Nelson likes to let her clients lead the process. In the initial phase, they hang out, talking through fears and memories, anything of significance. The dying person supplies their own spiritual beliefs, and she works with what they give her. Big religious and existential questions inevitably come up, but Nelson mostly works with relationships on the mortal plane. (Nelson keeps information from clients confidential, but others, like the 97-year-old, allow her to discuss their cases in general terms after their passing.)
Then, Nelson works with them to design a “legacy project,” something they can leave behind to friends and family, or to the world, that doesn’t neatly fit in a legal will. It might be a party or it might be a quilt, a donated plot of land or a long poem she writes with the dying person’s help and reads to them when fear rides high.
Nelson learned the trade with the International End of Life Doula Association, a training organization founded by New York hospice worker Henry Fersko-Weiss in 2003. Fersko-Weiss was a social work manager at the largest hospice in New York City, accepting roughly 500 patients a day. While he saw them receive adequate medical care, the sheer volume of patients needing hospice care meant that some needs were going unattended.
“I kept seeing these gaps,” Fersko-Weiss said. “As dedicated as the clinicians are, unfortunately the structure and logistics of hospice made it difficult for clinicians to spend a great deal of time and do deep work with people who are facing death.”
Something clicked when Fersko-Weiss talked with a friend who was becoming a birth doula. He trained to become one too, eventually modeling an end-of-life doula program from its teachings about helping expecting parents usher babies into the world. He could train volunteers to be present for dying people in a way similar to those learning to be birth doulas.

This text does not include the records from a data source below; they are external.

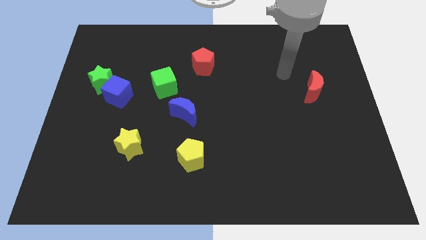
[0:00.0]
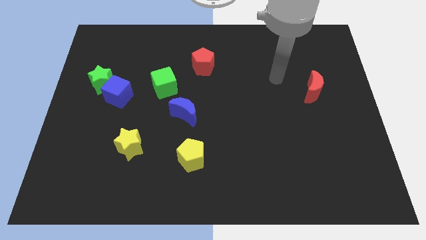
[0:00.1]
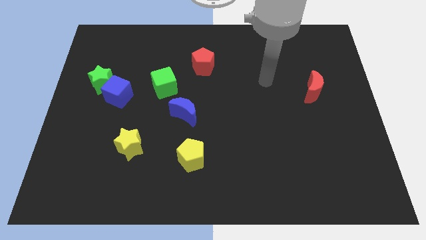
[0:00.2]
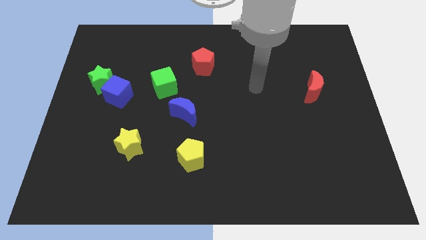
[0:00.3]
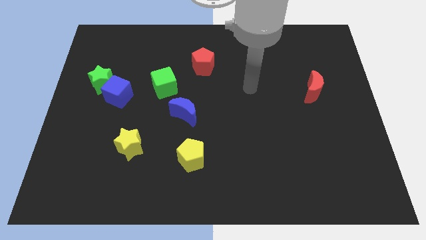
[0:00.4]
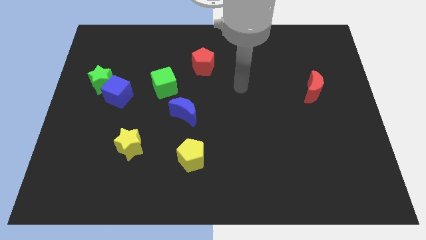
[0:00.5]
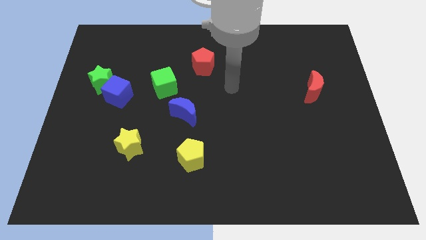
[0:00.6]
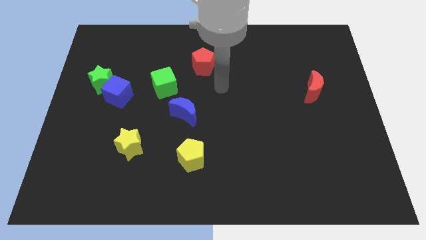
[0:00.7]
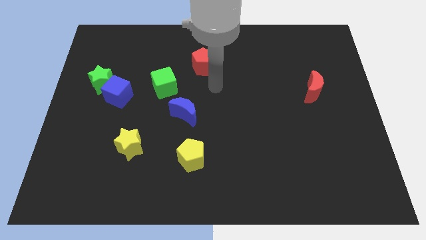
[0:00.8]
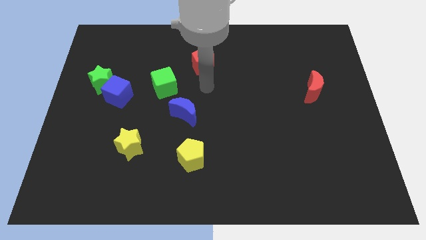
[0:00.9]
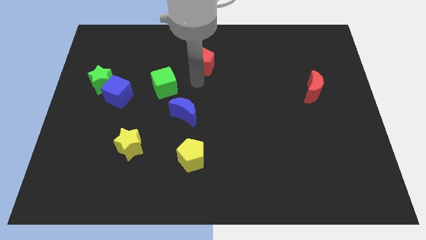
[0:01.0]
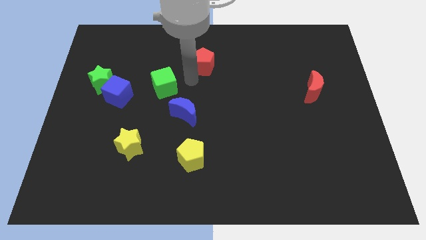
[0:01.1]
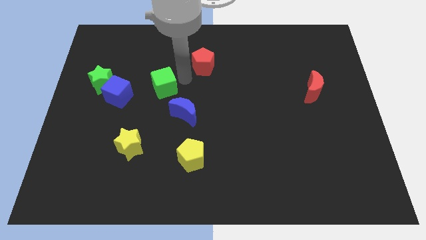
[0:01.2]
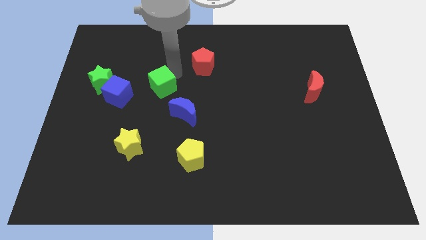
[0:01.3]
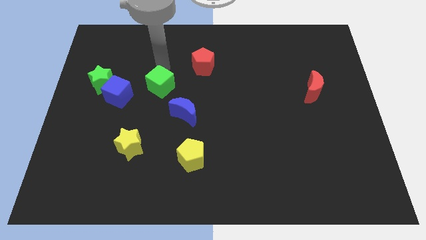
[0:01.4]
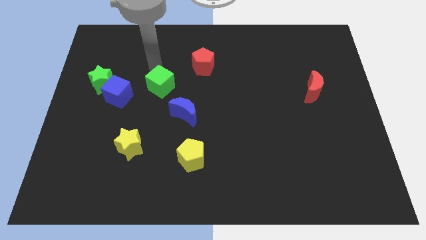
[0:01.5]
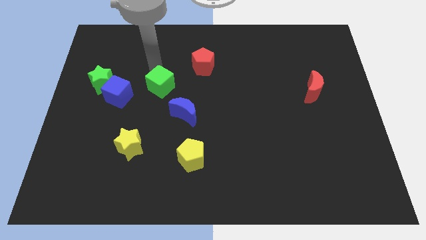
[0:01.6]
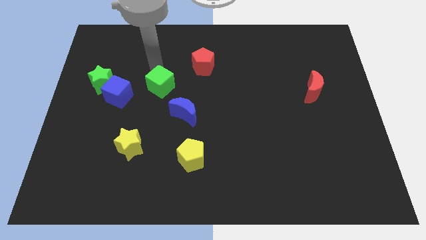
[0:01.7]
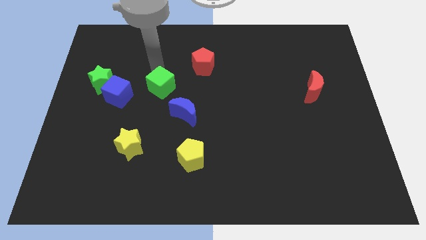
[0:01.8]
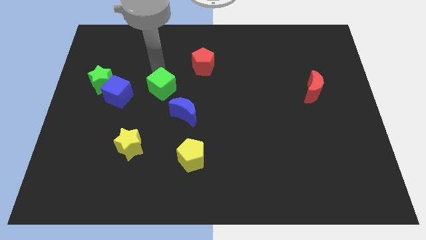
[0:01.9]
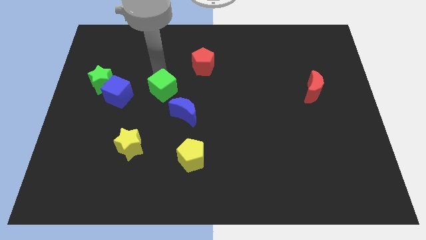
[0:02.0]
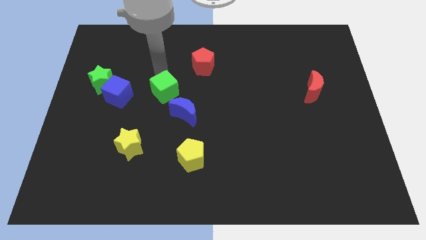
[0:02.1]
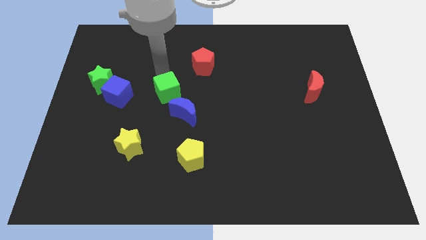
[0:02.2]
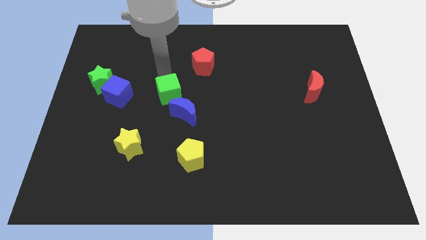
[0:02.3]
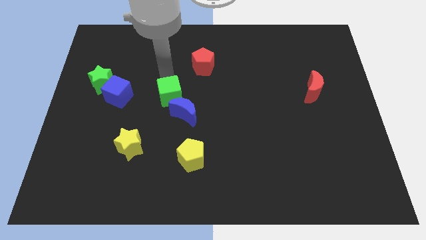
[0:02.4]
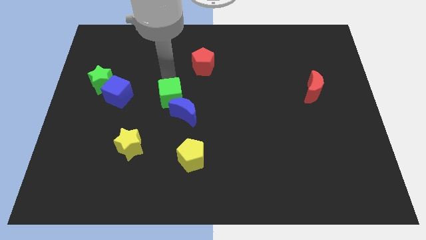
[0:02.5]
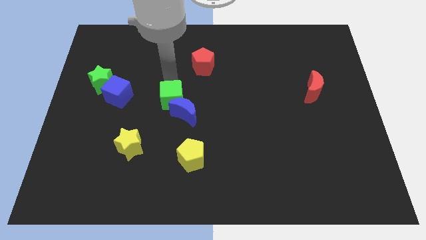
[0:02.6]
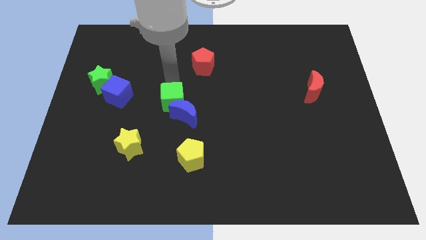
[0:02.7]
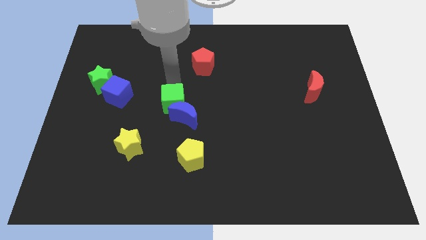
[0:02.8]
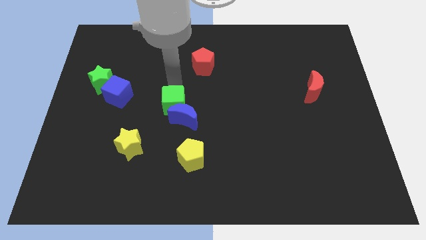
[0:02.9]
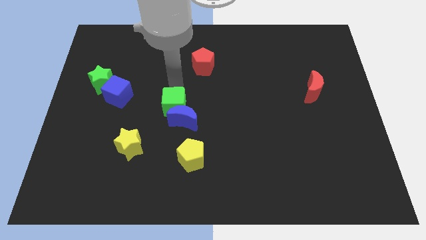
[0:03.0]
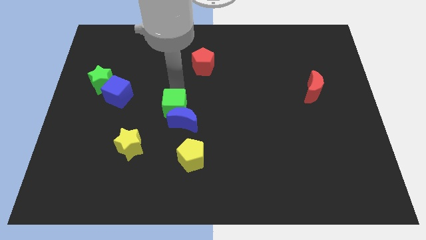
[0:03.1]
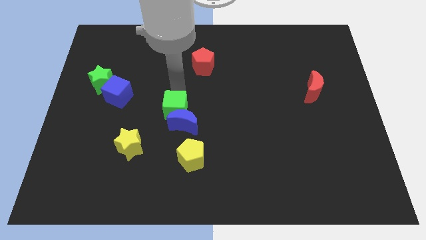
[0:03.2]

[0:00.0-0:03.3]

Nelson is the only one in the state formally credentialed through international association, which offers a rigorous certification process. There are roughly a dozen working death doulas in Maine who have trained through the association or the End of Life Doula Alliance, which was founded in 2017.

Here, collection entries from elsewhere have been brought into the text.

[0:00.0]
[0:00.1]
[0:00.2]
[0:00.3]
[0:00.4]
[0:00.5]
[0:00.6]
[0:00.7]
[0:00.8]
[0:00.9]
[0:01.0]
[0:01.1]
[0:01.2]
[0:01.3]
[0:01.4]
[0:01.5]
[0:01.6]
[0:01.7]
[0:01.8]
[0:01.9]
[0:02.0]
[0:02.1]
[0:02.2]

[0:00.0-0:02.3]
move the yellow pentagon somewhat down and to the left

Nelson, 57, took a long road to this line of work. The nickname “Bones” is unrelated to her profession — a scrawny child, she’s had it since youth — but many clients find as much humor in it as she does. She moved to rural Maine from New Jersey at age 18 and has been farming ever since. Today, she primarily grows pumpkins.
Death has been a part of Nelson’s life since birth. She was born with a heart condition, a thin-walled aorta that’s “shaped like an hourglass.” Doctors have told her that it “could explode at any moment.” In 2007, she had a stent put in her heart, and it tore through two layers of her aorta. But she survived and continues to farm, hike and ride dirt bikes.
She’s also lost those close to her. Nelson’s mother died by suicide at the age of 82, after multiple attempts during her life, and her father died of cancer in 2013.
“I’ve had a lot of healing to do,” Nelson said.
Nelson takes death seriously, but doesn’t necessarily see it as a grave subject. It’s easy to imagine her combination of folksy wisdom and well-timed humor softening some thick layers of fear. As shown in “death and her compass,” Nelson’s sessions with clients seem much less like a psychological evaluation or transcendental ritual than two old friends just talking.
Nelson said that she “doesn’t believe in death” after a life spent outrunning its shadow.
“I got a T-shirt that has a picture of a sloth on it. It says: ‘Live Slow, Die Whenever,’” she said with a laugh.
The sentiment captured the way Nelson has come to think about the subject.